= Khelaghar Samaj Kallyan Samity cricket team =

Bangladeshi cricket team

Khelaghar Samaj Kallyan Samity is a Bangladeshi cricket team that has played List A cricket in the Dhaka Premier League in 2013–14, 2016–17, 2017–18 and 2021–22. Its name translates as "Khelaghar Social Welfare Association". Khelaghar is a patriotic youth cultural organization founded in Dacca in 1952, which has over 500 branches around Bangladesh.

==Playing history==
In the inaugural List A status season of the League in 2013–14, captained by Faisal Hossain, Khelaghar Samaj Kallyan Samity finished last, with one win from 10 matches, and were relegated.

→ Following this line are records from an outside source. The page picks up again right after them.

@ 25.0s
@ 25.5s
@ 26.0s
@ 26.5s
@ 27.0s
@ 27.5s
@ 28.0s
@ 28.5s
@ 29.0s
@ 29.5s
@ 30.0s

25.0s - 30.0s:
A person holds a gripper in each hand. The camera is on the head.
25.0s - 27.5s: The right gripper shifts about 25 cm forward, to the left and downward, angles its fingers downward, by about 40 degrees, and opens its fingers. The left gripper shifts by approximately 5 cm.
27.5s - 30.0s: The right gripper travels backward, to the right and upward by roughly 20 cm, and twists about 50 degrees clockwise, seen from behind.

In 2014–15, in the non-List-A Dhaka First Division Cricket League, Khelaghar Samaj Kallyan Samity finished sixth with eight wins and eight losses; in 2015–16 they finished first in Group B of the Dhaka First Division League, and were promoted back to the Dhaka Premier League for 2016–17, captained by Nafees Iqbal. He also captained the team in 2017–18.

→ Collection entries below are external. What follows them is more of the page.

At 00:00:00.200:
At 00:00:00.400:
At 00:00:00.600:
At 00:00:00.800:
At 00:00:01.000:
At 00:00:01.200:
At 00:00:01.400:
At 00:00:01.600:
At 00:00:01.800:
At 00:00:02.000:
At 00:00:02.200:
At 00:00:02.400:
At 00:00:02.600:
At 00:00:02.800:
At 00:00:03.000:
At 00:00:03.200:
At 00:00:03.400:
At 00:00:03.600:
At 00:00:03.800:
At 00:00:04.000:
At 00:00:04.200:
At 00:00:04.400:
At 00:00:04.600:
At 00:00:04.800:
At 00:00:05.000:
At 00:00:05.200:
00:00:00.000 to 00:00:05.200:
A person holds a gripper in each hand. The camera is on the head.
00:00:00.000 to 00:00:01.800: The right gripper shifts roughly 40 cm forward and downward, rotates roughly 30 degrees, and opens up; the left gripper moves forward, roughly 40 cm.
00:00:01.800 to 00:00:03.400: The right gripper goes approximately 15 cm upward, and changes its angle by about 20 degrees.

In March 2018, they reached the Super League section of the 2017–18 Dhaka Premier Division Cricket League. It was the first time the team had reached that section of the competition. In the 2021–22 competition they finished last, and were relegated again. They finished runners-up in the 2022–23 Dhaka First Division Cricket League, and were due to be promoted back to the Dhaka Premier Division Cricket League for the 2023–24 competition. However, in the event they remained in the First Division for 2023–24, replaced in the Premier Division by Partex Sporting Club.

===List A record===
- 2013–14: 10 matches, won 1, finished last (twelfth)
- 2016–17: 13 matches, won 5, finished tenth
- 2017–18: 16 matches, won 8, finished fifth
- 2018–19: 11 matches, won 3, finished ninth
- 2021–22: 12 matches, won 2, finished last (eleventh)

==Records==
Khelaghar Samaj Kallyan Samity's highest individual List A score is 116 by Robiul Islam Robi against Legends of Rupganj in 2017–18. The best bowling figures are 6 for 18 by Tanvir Islam against Partex Sporting Club in 2016–17.